For example, most wild carnivorous animals lack the receptors for tasting sugar or carbohydrates. And unlike dogs, which have been living around humans and feasted off our scraps for up to 40,000 years, domestic cats have only been around for about 4,300. For the majority of that time, they were considered a kind of free pest-control that could fend for themselves.

So, while cats are particularly drawn to Japanese food, which is rich in meat and seafood, you’re unlikely to find them stealing ice-creams or doughnuts – unlike dogs, they simply haven’t been around humans for long enough to have evolved the ability to taste sugar.

Cats are irresistibly drawn to the chemical compounds found in rotting fish (Credit: Getty Images)
Cats are irresistibly drawn to the chemical compounds found in rotting fish (Credit: Getty Images)

On the other hand, because vegan animals eat exclusively vegetable matter, which is often rich in fibre and carbohydrates, they tend to prefer sweeter pet food.

Finally, no list of palatants would be complete without pyrophosphate, described in Popular Science as “cat crack”. This common additive performs a number of roles in human food, such as preventing potato products from going dark after they’re cooked – none of which involve improving its taste.

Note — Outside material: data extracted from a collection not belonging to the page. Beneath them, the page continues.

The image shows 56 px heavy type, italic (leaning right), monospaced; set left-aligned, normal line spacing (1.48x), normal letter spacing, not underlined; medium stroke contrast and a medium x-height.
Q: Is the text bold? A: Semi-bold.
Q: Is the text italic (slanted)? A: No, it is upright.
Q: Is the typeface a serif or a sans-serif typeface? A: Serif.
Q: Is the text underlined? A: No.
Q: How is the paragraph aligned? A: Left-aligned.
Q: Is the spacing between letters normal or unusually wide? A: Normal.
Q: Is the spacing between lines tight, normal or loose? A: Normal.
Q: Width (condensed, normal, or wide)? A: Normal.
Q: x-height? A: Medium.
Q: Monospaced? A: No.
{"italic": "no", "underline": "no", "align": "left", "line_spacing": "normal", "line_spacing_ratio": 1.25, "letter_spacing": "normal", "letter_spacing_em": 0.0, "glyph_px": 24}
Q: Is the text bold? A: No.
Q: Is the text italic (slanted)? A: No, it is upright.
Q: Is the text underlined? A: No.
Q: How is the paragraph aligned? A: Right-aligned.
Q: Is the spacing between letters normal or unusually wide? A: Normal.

Nevertheless, cats go nuts for it, possibly because it intensifies the flavour of amino acids.

Pet food companies are now so successful at making food delicious that they’re increasingly encountering a dilemma – it’s almost too good. “The danger for cats and dogs today is the same as for people, it’s overconsumption,” says Andrew Knight, a professor of animal welfare and ethics at the University of Winchester.

Pet obesity is a growing problem in the developed world, with one survey of veterinary professionals at a vet show in London suggesting that around 51% of dogs, 44% of cats and 29% of small mammals are now overweight or obese.

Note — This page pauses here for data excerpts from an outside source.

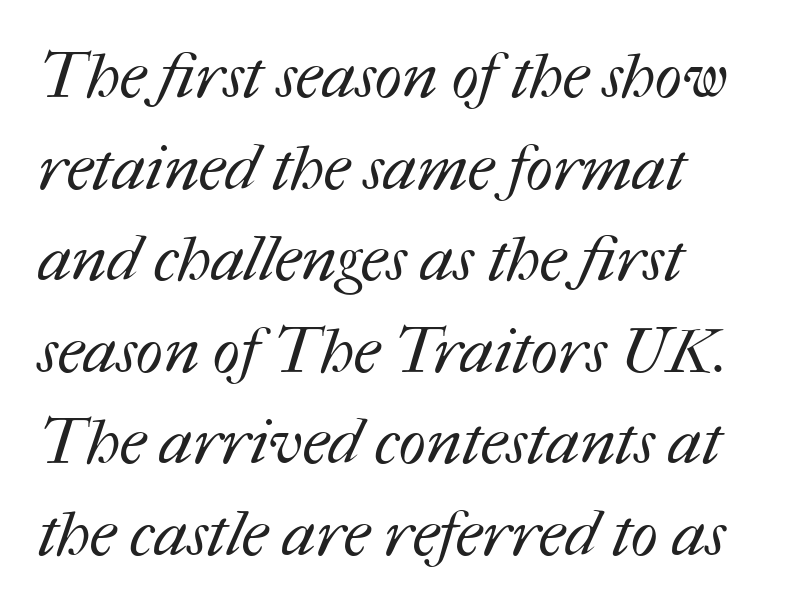
The image shows 64 px regular-weight type; set left-aligned, normal line spacing (1.43x), normal letter spacing, not underlined; medium stroke contrast and a medium x-height.
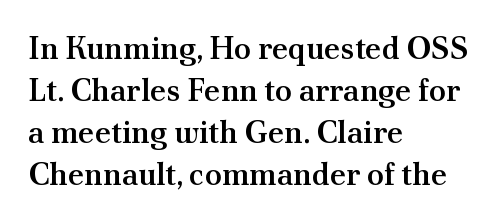
Q: Is the text bold? A: Semi-bold.
Q: Is the text italic (slanted)? A: No, it is upright.
Q: Is the typeface a serif or a sans-serif typeface? A: Serif.
Q: Is the text underlined? A: No.
Q: How is the paragraph aligned? A: Left-aligned.
Q: Is the spacing between letters normal or unusually wide? A: Normal.
Q: Is the spacing between lines tight, normal or loose? A: Normal.
Q: Width (condensed, normal, or wide)? A: Normal.
Q: Stroke contrast? A: Medium.
Q: x-height? A: Small.
Q: Monospaced? A: No.

Pet foods made from more sustainable ingredients such as insects or soya are generally just as acceptable to carnivorous pets as the real deal

According to Logan, this is not down to the way pet food is formulated, but humans succumbing to their beloved pets’ pleading gazes. “The reason we make pet food palatable is that if they don’t eat all the food that we give them, it won’t meet the nutritional needs that they require,” he says. “The real problem is owners feeding them too much – pets can’t open the packets themselves.”

However, there is an upside. There are mounting concerns about the environmental impact of pet food, too – in 2009, two New Zealand scientists estimated the planetary cost of keeping a dog as roughly twice that of having a medium-sized SUV.

Pets given too much calorific processed food may, just like humans, put on extra weight (Credit: Getty Images)
Pets given too much calorific processed food may, just like humans, put on extra weight (Credit: Getty Images)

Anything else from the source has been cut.